Americans not so familiar with Kiwis. I guess we do some odd things with our vowels.
Well, yeah. I saw
Once Were Warriors
subtitled (on VHS), and not just because there was a deaf woman in my class. But the vowel thing is consistent, so we get the hang of it eventually. Enough so that all the Lord of the Rings backstage people make sense to me now.
Also, um--when did Connor get so hot? Was I just not paying attention?
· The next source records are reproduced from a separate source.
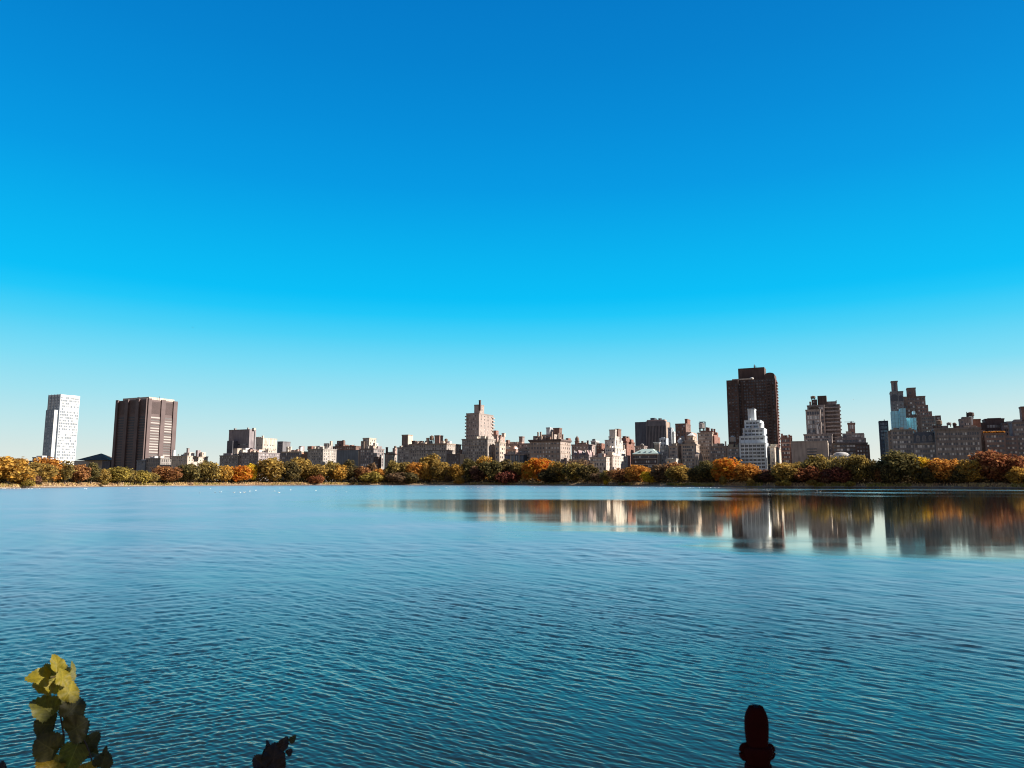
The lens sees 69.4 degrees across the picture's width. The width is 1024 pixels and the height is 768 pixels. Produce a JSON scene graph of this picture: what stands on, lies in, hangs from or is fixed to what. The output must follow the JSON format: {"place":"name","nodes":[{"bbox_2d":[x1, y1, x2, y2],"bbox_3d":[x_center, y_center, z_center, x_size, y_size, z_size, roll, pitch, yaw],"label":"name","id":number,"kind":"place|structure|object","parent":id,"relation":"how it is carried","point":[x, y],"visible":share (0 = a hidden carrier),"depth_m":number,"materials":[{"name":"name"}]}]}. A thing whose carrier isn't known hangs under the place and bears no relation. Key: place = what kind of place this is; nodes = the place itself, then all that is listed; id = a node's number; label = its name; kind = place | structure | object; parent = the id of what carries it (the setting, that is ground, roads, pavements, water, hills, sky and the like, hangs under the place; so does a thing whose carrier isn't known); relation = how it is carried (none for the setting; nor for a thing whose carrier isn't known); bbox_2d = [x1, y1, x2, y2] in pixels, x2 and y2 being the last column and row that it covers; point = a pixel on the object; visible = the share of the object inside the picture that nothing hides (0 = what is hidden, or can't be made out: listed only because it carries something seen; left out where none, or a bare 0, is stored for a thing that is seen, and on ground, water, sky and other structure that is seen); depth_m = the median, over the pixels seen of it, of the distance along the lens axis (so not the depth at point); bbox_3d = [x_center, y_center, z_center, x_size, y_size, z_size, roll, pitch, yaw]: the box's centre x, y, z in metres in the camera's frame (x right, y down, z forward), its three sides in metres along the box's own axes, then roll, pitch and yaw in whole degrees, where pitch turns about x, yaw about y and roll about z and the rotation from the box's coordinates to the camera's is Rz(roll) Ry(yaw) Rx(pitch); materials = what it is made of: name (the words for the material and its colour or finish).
{"place":"outdoors","nodes":[
{"label":"outdoors","id":0,"kind":"place"},
{"bbox_2d":[42,394,79,464],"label":"white tower","id":1,"kind":"structure","parent":0,"point":[61,427],"depth_m":1345.44,"materials":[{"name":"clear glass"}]},
{"bbox_2d":[43,411,77,458],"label":"distant windows","id":2,"kind":"structure","parent":1,"relation":"in","point":[61,418],"depth_m":1344.88,"materials":[{"name":"grey glass"}]},
{"bbox_2d":[0,485,1023,767],"bbox_3d":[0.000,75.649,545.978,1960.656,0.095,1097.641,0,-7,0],"label":"water","id":3,"kind":"structure","parent":0,"point":[468,627],"depth_m":20.95,"materials":[{"name":"blue liquid"}]},
{"bbox_2d":[0,481,1023,487],"bbox_3d":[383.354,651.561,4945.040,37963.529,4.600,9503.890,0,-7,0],"label":"ground","id":4,"kind":"structure","parent":0,"point":[686,485],"depth_m":548.13,"materials":[{"name":"brown soil"}]},
{"bbox_2d":[0,456,35,483],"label":"autumn tree","id":5,"kind":"object","parent":4,"relation":"on","point":[11,468],"visible":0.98,"depth_m":421.76,"materials":[{"name":"yellow plant"}]},
{"bbox_2d":[26,462,58,484],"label":"autumn tree","id":6,"kind":"object","parent":4,"relation":"on","point":[46,471],"visible":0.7,"depth_m":455.70,"materials":[{"name":"yellow plant"}]},
{"bbox_2d":[29,456,64,480],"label":"autumn tree","id":7,"kind":"object","parent":4,"relation":"on","point":[54,461],"visible":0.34,"depth_m":478.39,"materials":[{"name":"orange plant"}]},
{"bbox_2d":[58,460,77,483],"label":"autumn tree","id":8,"kind":"object","parent":4,"relation":"on","point":[68,470],"visible":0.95,"depth_m":484.07,"materials":[{"name":"green plant"}]},
{"bbox_2d":[71,464,90,483],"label":"autumn tree","id":9,"kind":"object","parent":4,"relation":"on","point":[83,472],"visible":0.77,"depth_m":498.52,"materials":[{"name":"orange plant"}]},
{"bbox_2d":[74,453,111,468],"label":"glazed hall","id":10,"kind":"structure","parent":4,"relation":"on","point":[98,459],"depth_m":1214.70,"materials":[{"name":"blue glass"}]},
{"bbox_2d":[106,466,132,483],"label":"autumn tree","id":11,"kind":"object","parent":4,"relation":"on","point":[119,473],"visible":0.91,"depth_m":539.12,"materials":[{"name":"yellow plant"}]},
{"bbox_2d":[111,396,177,480],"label":"dark slab tower","id":12,"kind":"structure","parent":4,"relation":"on","point":[144,427],"depth_m":1180.03,"materials":[{"name":"brown concrete"}]},
{"bbox_2d":[145,450,175,471],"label":"apartment block","id":13,"kind":"structure","parent":4,"relation":"on","point":[155,461],"depth_m":1099.85,"materials":[{"name":"concrete"}]},
{"bbox_2d":[150,466,183,482],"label":"autumn tree","id":14,"kind":"object","parent":4,"relation":"on","point":[167,473],"visible":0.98,"depth_m":592.03,"materials":[{"name":"orange plant"}]},
{"bbox_2d":[177,463,201,482],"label":"autumn tree","id":15,"kind":"object","parent":4,"relation":"on","point":[190,471],"visible":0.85,"depth_m":614.35,"materials":[{"name":"green plant"}]},
{"bbox_2d":[171,448,208,479],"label":"apartment block","id":16,"kind":"structure","parent":4,"relation":"on","point":[187,457],"depth_m":1081.65,"materials":[{"name":"concrete"}]},
{"bbox_2d":[197,460,220,482],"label":"autumn tree","id":17,"kind":"object","parent":4,"relation":"on","point":[208,470],"visible":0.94,"depth_m":635.13,"materials":[{"name":"green plant"}]},
{"bbox_2d":[219,453,239,480],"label":"apartment block","id":18,"kind":"structure","parent":4,"relation":"on","point":[230,459],"depth_m":1031.99,"materials":[{"name":"concrete"}]},
{"bbox_2d":[227,428,255,454],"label":"hospital block","id":19,"kind":"structure","parent":4,"relation":"on","point":[243,438],"depth_m":1105.82,"materials":[{"name":"metal"}]},
{"bbox_2d":[230,465,252,482],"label":"autumn tree","id":20,"kind":"object","parent":4,"relation":"on","point":[242,473],"visible":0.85,"depth_m":661.36,"materials":[{"name":"orange plant"}]},
{"bbox_2d":[233,448,279,479],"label":"mansard block","id":21,"kind":"structure","parent":4,"relation":"on","point":[250,455],"depth_m":1025.12,"materials":[{"name":"concrete"}]},
{"bbox_2d":[256,436,276,452],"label":"hospital block","id":22,"kind":"structure","parent":4,"relation":"on","point":[262,443],"depth_m":1084.54,"materials":[{"name":"white concrete"}]},
{"bbox_2d":[256,457,289,481],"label":"autumn tree","id":23,"kind":"object","parent":4,"relation":"on","point":[270,469],"visible":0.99,"depth_m":686.72,"materials":[{"name":"yellow plant"}]},
{"bbox_2d":[281,461,302,481],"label":"autumn tree","id":24,"kind":"object","parent":4,"relation":"on","point":[294,471],"visible":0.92,"depth_m":698.53,"materials":[{"name":"green plant"}]},
{"bbox_2d":[281,446,307,479],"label":"apartment block","id":25,"kind":"structure","parent":4,"relation":"on","point":[288,454],"depth_m":987.58,"materials":[{"name":"concrete"}]},
{"bbox_2d":[289,457,311,479],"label":"autumn tree","id":26,"kind":"object","parent":4,"relation":"on","point":[302,464],"visible":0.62,"depth_m":715.20,"materials":[{"name":"yellow plant"}]},
{"bbox_2d":[307,464,328,477],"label":"autumn tree","id":27,"kind":"object","parent":4,"relation":"on","point":[317,469],"visible":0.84,"depth_m":715.64,"materials":[{"name":"yellow plant"}]},
{"bbox_2d":[307,441,336,480],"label":"apartment block","id":28,"kind":"structure","parent":4,"relation":"on","point":[323,455],"depth_m":971.71,"materials":[{"name":"concrete"}]},
{"bbox_2d":[336,450,359,480],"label":"blank wall block","id":29,"kind":"structure","parent":4,"relation":"on","point":[342,456],"depth_m":947.24,"materials":[{"name":"grey concrete"}]},
{"bbox_2d":[359,438,384,469],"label":"stepped block","id":30,"kind":"structure","parent":4,"relation":"on","point":[371,451],"depth_m":937.39,"materials":[{"name":"concrete"}]},
{"bbox_2d":[397,435,412,463],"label":"tower block house","id":31,"kind":"structure","parent":4,"relation":"on","point":[403,452],"depth_m":916.70,"materials":[{"name":"concrete"}]},
{"bbox_2d":[409,435,461,480],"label":"long apartment block","id":32,"kind":"structure","parent":4,"relation":"on","point":[438,445],"depth_m":901.51,"materials":[{"name":"brown brick"}]},
{"bbox_2d":[428,461,449,481],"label":"autumn tree","id":33,"kind":"object","parent":4,"relation":"on","point":[438,470],"visible":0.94,"depth_m":739.79,"materials":[{"name":"green plant"}]},
{"bbox_2d":[461,436,495,478],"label":"apartment block","id":34,"kind":"structure","parent":4,"relation":"on","point":[476,448],"depth_m":873.68,"materials":[{"name":"concrete"}]},
{"bbox_2d":[465,400,494,438],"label":"brick tower","id":35,"kind":"structure","parent":4,"relation":"on","point":[478,422],"depth_m":915.60,"materials":[{"name":"beige brick"}]},
{"bbox_2d":[478,460,504,481],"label":"autumn tree","id":36,"kind":"object","parent":4,"relation":"on","point":[491,470],"visible":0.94,"depth_m":723.46,"materials":[{"name":"green plant"}]},
{"bbox_2d":[495,440,505,463],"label":"apartment block","id":37,"kind":"structure","parent":4,"relation":"on","point":[500,448],"depth_m":870.83,"materials":[{"name":"beige concrete"}]},
{"bbox_2d":[495,470,520,482],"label":"bank shrub","id":38,"kind":"object","parent":4,"relation":"on","point":[504,477],"visible":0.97,"depth_m":716.23,"materials":[{"name":"red plant"}]},
{"bbox_2d":[0,481,1023,486],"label":"reeds","id":39,"kind":"object","parent":4,"relation":"on","point":[982,484],"visible":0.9,"depth_m":503.60,"materials":[{"name":"plant"}]},
{"bbox_2d":[0,476,1023,482],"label":"undergrowth","id":40,"kind":"object","parent":4,"relation":"on","point":[908,480],"visible":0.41,"depth_m":565.42,"materials":[{"name":"green plant"}]},
{"bbox_2d":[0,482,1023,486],"bbox_3d":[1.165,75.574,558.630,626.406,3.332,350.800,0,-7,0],"label":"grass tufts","id":41,"kind":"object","parent":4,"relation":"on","point":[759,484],"visible":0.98,"depth_m":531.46,"materials":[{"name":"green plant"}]},
{"bbox_2d":[504,451,527,481],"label":"glazed block","id":42,"kind":"structure","parent":4,"relation":"on","point":[517,457],"depth_m":843.35,"materials":[{"name":"glass"}]},
{"bbox_2d":[521,457,553,481],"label":"autumn tree","id":43,"kind":"object","parent":4,"relation":"on","point":[532,467],"visible":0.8,"depth_m":694.09,"materials":[{"name":"orange plant"}]},
{"bbox_2d":[536,467,562,482],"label":"autumn tree","id":44,"kind":"object","parent":4,"relation":"on","point":[545,475],"visible":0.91,"depth_m":673.08,"materials":[{"name":"green plant"}]},
{"bbox_2d":[528,427,571,480],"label":"palazzo block","id":45,"kind":"structure","parent":4,"relation":"on","point":[552,444],"depth_m":835.80,"materials":[{"name":"stone"}]},
{"bbox_2d":[561,462,583,480],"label":"autumn tree","id":46,"kind":"object","parent":4,"relation":"on","point":[570,473],"visible":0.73,"depth_m":653.72,"materials":[{"name":"green plant"}]},
{"bbox_2d":[571,436,594,454],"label":"turret house","id":47,"kind":"structure","parent":4,"relation":"on","point":[581,446],"depth_m":865.84,"materials":[{"name":"stone"}]},
{"bbox_2d":[575,464,599,482],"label":"autumn tree","id":48,"kind":"object","parent":4,"relation":"on","point":[584,472],"visible":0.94,"depth_m":636.01,"materials":[{"name":"green plant"}]},
{"bbox_2d":[589,451,610,472],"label":"white mansion","id":49,"kind":"structure","parent":4,"relation":"on","point":[601,461],"depth_m":799.03,"materials":[{"name":"stone"}]},
{"bbox_2d":[605,429,627,469],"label":"stepped white block","id":50,"kind":"structure","parent":4,"relation":"on","point":[614,443],"depth_m":846.55,"materials":[{"name":"concrete"}]},
{"bbox_2d":[606,468,632,482],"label":"autumn tree","id":51,"kind":"object","parent":4,"relation":"on","point":[614,474],"visible":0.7,"depth_m":597.08,"materials":[{"name":"orange plant"}]},
{"bbox_2d":[621,436,634,466],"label":"brick block","id":52,"kind":"structure","parent":4,"relation":"on","point":[629,444],"depth_m":891.64,"materials":[{"name":"brick"}]},
{"bbox_2d":[624,464,650,481],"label":"autumn tree","id":53,"kind":"object","parent":4,"relation":"on","point":[634,471],"visible":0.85,"depth_m":582.68,"materials":[{"name":"orange plant"}]},
{"bbox_2d":[632,442,660,470],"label":"hipped house","id":54,"kind":"structure","parent":4,"relation":"on","point":[649,458],"depth_m":784.30,"materials":[{"name":"green stone"}]},
{"bbox_2d":[635,418,669,448],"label":"glass slab","id":55,"kind":"structure","parent":4,"relation":"on","point":[648,433],"depth_m":956.83,"materials":[{"name":"glass"}]},
{"bbox_2d":[649,464,666,482],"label":"autumn tree","id":56,"kind":"object","parent":4,"relation":"on","point":[657,472],"visible":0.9,"depth_m":562.83,"materials":[{"name":"brown plant"}]},
{"bbox_2d":[664,465,690,481],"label":"autumn tree","id":57,"kind":"object","parent":4,"relation":"on","point":[679,472],"visible":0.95,"depth_m":537.99,"materials":[{"name":"green plant"}]},
{"bbox_2d":[675,419,696,458],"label":"brick tower block","id":58,"kind":"structure","parent":4,"relation":"on","point":[683,429],"depth_m":866.43,"materials":[{"name":"brown brick"}]},
{"bbox_2d":[678,433,699,468],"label":"crowned block","id":59,"kind":"structure","parent":4,"relation":"on","point":[690,448],"depth_m":772.21,"materials":[{"name":"concrete"}]},
{"bbox_2d":[694,460,713,480],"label":"autumn tree","id":60,"kind":"object","parent":4,"relation":"on","point":[704,467],"visible":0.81,"depth_m":521.12,"materials":[{"name":"green plant"}]},
{"bbox_2d":[697,422,719,461],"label":"brick block","id":61,"kind":"structure","parent":4,"relation":"on","point":[707,437],"depth_m":799.30,"materials":[{"name":"brick"}]},
{"bbox_2d":[708,441,727,461],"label":"apartment block","id":62,"kind":"structure","parent":4,"relation":"on","point":[717,450],"depth_m":764.63,"materials":[{"name":"stone"}]},
{"bbox_2d":[710,457,741,481],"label":"autumn tree","id":63,"kind":"object","parent":4,"relation":"on","point":[723,467],"visible":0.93,"depth_m":507.60,"materials":[{"name":"orange plant"}]},
{"bbox_2d":[726,436,739,458],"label":"apartment block","id":64,"kind":"structure","parent":4,"relation":"on","point":[732,449],"depth_m":753.17,"materials":[{"name":"concrete"}]},
{"bbox_2d":[733,463,760,480],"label":"autumn tree","id":65,"kind":"object","parent":4,"relation":"on","point":[744,472],"visible":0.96,"depth_m":497.07,"materials":[{"name":"orange plant"}]},
{"bbox_2d":[726,364,781,460],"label":"brown high rise","id":66,"kind":"structure","parent":4,"relation":"on","point":[753,388],"depth_m":965.67,"materials":[{"name":"brick"}]},
{"bbox_2d":[728,382,775,444],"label":"distant windows","id":67,"kind":"structure","parent":66,"relation":"in","point":[728,382],"depth_m":964.91,"materials":[{"name":"black glass"}]},
{"bbox_2d":[739,408,770,469],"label":"white stepped tower","id":68,"kind":"structure","parent":4,"relation":"on","point":[754,445],"depth_m":744.50,"materials":[{"name":"white concrete"}]},
{"bbox_2d":[769,444,781,466],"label":"apartment block","id":69,"kind":"structure","parent":4,"relation":"on","point":[775,453],"depth_m":745.12,"materials":[{"name":"white stone"}]},
{"bbox_2d":[769,462,800,480],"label":"autumn tree","id":70,"kind":"object","parent":4,"relation":"on","point":[783,471],"visible":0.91,"depth_m":480.53,"materials":[{"name":"yellow plant"}]},
{"bbox_2d":[780,434,791,463],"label":"ornate brick house","id":71,"kind":"structure","parent":4,"relation":"on","point":[786,451],"depth_m":753.61,"materials":[{"name":"brick"}]},
{"bbox_2d":[791,465,822,481],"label":"autumn tree","id":72,"kind":"object","parent":4,"relation":"on","point":[807,473],"visible":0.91,"depth_m":473.42,"materials":[{"name":"red plant"}]},
{"bbox_2d":[791,440,828,462],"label":"blank beige block","id":73,"kind":"structure","parent":4,"relation":"on","point":[801,450],"depth_m":717.22,"materials":[{"name":"beige concrete"}]},
{"bbox_2d":[800,454,829,470],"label":"autumn tree","id":74,"kind":"object","parent":4,"relation":"on","point":[817,461],"visible":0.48,"depth_m":481.98,"materials":[{"name":"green plant"}]},
{"bbox_2d":[803,396,842,461],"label":"terraced tower","id":75,"kind":"structure","parent":4,"relation":"on","point":[823,421],"depth_m":763.08,"materials":[{"name":"brown brick"}]},
{"bbox_2d":[807,401,839,440],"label":"distant windows","id":76,"kind":"structure","parent":75,"relation":"in","point":[813,412],"depth_m":762.00,"materials":[{"name":"grey glass"}]},
{"bbox_2d":[821,466,852,482],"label":"autumn tree","id":77,"kind":"object","parent":4,"relation":"on","point":[835,473],"visible":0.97,"depth_m":464.60,"materials":[{"name":"red plant"}]},
{"bbox_2d":[824,455,852,481],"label":"autumn tree","id":78,"kind":"object","parent":4,"relation":"on","point":[836,462],"visible":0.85,"depth_m":468.20,"materials":[{"name":"green plant"}]},
{"bbox_2d":[831,421,869,459],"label":"terraced block","id":79,"kind":"structure","parent":4,"relation":"on","point":[851,442],"depth_m":718.93,"materials":[{"name":"stone"}]},
{"bbox_2d":[845,453,871,482],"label":"autumn tree","id":80,"kind":"object","parent":4,"relation":"on","point":[858,470],"visible":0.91,"depth_m":463.18,"materials":[{"name":"green plant"}]},
{"bbox_2d":[878,420,888,460],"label":"glass slab","id":81,"kind":"structure","parent":4,"relation":"on","point":[883,434],"depth_m":851.29,"materials":[{"name":"glass"}]},
{"bbox_2d":[879,465,900,483],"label":"autumn tree","id":82,"kind":"object","parent":4,"relation":"on","point":[883,471],"visible":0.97,"depth_m":449.18,"materials":[{"name":"green plant"}]},
{"bbox_2d":[873,449,923,482],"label":"autumn tree","id":83,"kind":"object","parent":4,"relation":"on","point":[898,460],"visible":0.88,"depth_m":447.23,"materials":[{"name":"green plant"}]},
{"bbox_2d":[888,427,913,476],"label":"apartment block","id":84,"kind":"structure","parent":4,"relation":"on","point":[901,439],"depth_m":689.41,"materials":[{"name":"stone"}]},
{"bbox_2d":[890,407,916,432],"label":"sheeted block","id":85,"kind":"structure","parent":4,"relation":"on","point":[899,419],"depth_m":737.34,"materials":[{"name":"glass"}]},
{"bbox_2d":[889,381,934,431],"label":"setback skyscraper","id":86,"kind":"structure","parent":4,"relation":"on","point":[911,402],"depth_m":815.51,"materials":[{"name":"grey brick"}]},
{"bbox_2d":[912,428,935,460],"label":"mansard house","id":87,"kind":"structure","parent":4,"relation":"on","point":[923,443],"depth_m":677.71,"materials":[{"name":"stone"}]},
{"bbox_2d":[913,467,938,483],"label":"autumn tree","id":88,"kind":"object","parent":4,"relation":"on","point":[925,475],"visible":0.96,"depth_m":438.03,"materials":[{"name":"green plant"}]},
{"bbox_2d":[922,458,955,482],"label":"autumn tree","id":89,"kind":"object","parent":4,"relation":"on","point":[941,468],"visible":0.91,"depth_m":435.29,"materials":[{"name":"orange plant"}]},
{"bbox_2d":[931,412,981,461],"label":"long apartment block","id":90,"kind":"structure","parent":4,"relation":"on","point":[962,441],"depth_m":663.39,"materials":[{"name":"brown brick"}]},
{"bbox_2d":[954,459,984,482],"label":"autumn tree","id":91,"kind":"object","parent":4,"relation":"on","point":[965,468],"visible":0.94,"depth_m":426.29,"materials":[{"name":"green plant"}]},
{"bbox_2d":[968,449,1008,481],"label":"autumn tree","id":92,"kind":"object","parent":4,"relation":"on","point":[989,460],"visible":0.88,"depth_m":421.63,"materials":[{"name":"red plant"}]},
{"bbox_2d":[981,418,1004,431],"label":"brick block","id":93,"kind":"structure","parent":4,"relation":"on","point":[990,424],"depth_m":696.70,"materials":[{"name":"brown brick"}]},
{"bbox_2d":[980,430,1006,453],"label":"building","id":94,"kind":"structure","parent":4,"relation":"on","point":[994,441],"depth_m":660.05,"materials":[{"name":"brown brick"}]},
{"bbox_2d":[989,453,1023,481],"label":"autumn tree","id":95,"kind":"object","parent":4,"relation":"on","point":[1015,461],"visible":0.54,"depth_m":418.20,"materials":[{"name":"red plant"}]},
{"bbox_2d":[1000,421,1018,457],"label":"brick block","id":96,"kind":"structure","parent":4,"relation":"on","point":[1012,447],"depth_m":661.36,"materials":[{"name":"brick"}]},
{"bbox_2d":[1005,466,1023,483],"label":"autumn tree","id":97,"kind":"object","parent":4,"relation":"on","point":[1013,474],"visible":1,"depth_m":410.60,"materials":[{"name":"yellow plant"}]},
{"bbox_2d":[1008,406,1023,467],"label":"apartment block","id":98,"kind":"structure","parent":4,"relation":"on","point":[1016,427],"depth_m":663.79,"materials":[{"name":"brick"}]},
{"bbox_2d":[0,0,1023,467],"label":"sky","id":99,"kind":"structure","parent":0,"point":[383,220],"materials":[{"name":"blue"}]},
{"bbox_3d":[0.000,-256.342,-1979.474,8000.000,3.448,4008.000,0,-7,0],"label":"near bank","id":100,"kind":"structure","parent":0,"visible":0},
{"bbox_2d":[24,654,113,767],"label":"leafy sprig","id":101,"kind":"object","parent":100,"relation":"on","point":[67,703],"visible":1,"depth_m":1.84,"materials":[{"name":"green plant"}]},
{"bbox_2d":[252,734,295,767],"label":"leafy sprig","id":102,"kind":"object","parent":100,"relation":"on","point":[273,755],"visible":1,"depth_m":1.80,"materials":[{"name":"black plant"}]},
{"bbox_2d":[739,705,775,767],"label":"iron fence post","id":103,"kind":"object","parent":100,"relation":"on","point":[756,749],"visible":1,"depth_m":1.22,"materials":[{"name":"black metal"}]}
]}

HA! Give in to the Bon Bon!
Damn, I love that show.
Waaah! My television finally decided to die tonight. I think the tube exploded or something, in any case it seems terminal. Fortunately the VCR is still working so I'm taping stuff, but I'm going to be on severe delay.
Thank
God
this didn't happen before the Big Brother finale, that's all I can say!
Once Were Warriors is subtitled for Americans?? Yeek! Then again, didn't someone say that the Americans and the British were the same people divided by a different language.
I love watching subtitles on J'can movies. It seems kinda indicative of a notsorare J'can mindset that the captioner seems to have their own unapologetic idea of what the characters
should
be saying.
Shaw. Divided by a common language. Though he may have stolen it from Wilde.
It seems kinda indicative of a notsorare J'can mindset that the captioner seems to have their own unapologetic idea of what the characters should be saying.
So the characters say one thing, and the captions don't match at all? Ew.
the captions don't match at all?
Not quite that bad, but it sometimes happens that it's the
sense
(and only most of it) and not the details that are translated (like "I'm not hungry" when the character said "Mi no waan nyam" -- which is just "I don't want to eat").
Ah. That happens in a lot of movies, it seems. V. irritating, because often it seems as if that's going on, but I don't speak the language at all (or well enough) to know what's really being said. Was watching a Swedish movie this weekend ("Show Me Love"), and at several points, we wondered what was really being said...
Thus I really like watching subtitled movies in languages I do kinda know (ok, french or spanish), because I might not QUITE be able to follow it without subtitles, but with them, I can follow well enough to listen for subtle translation things.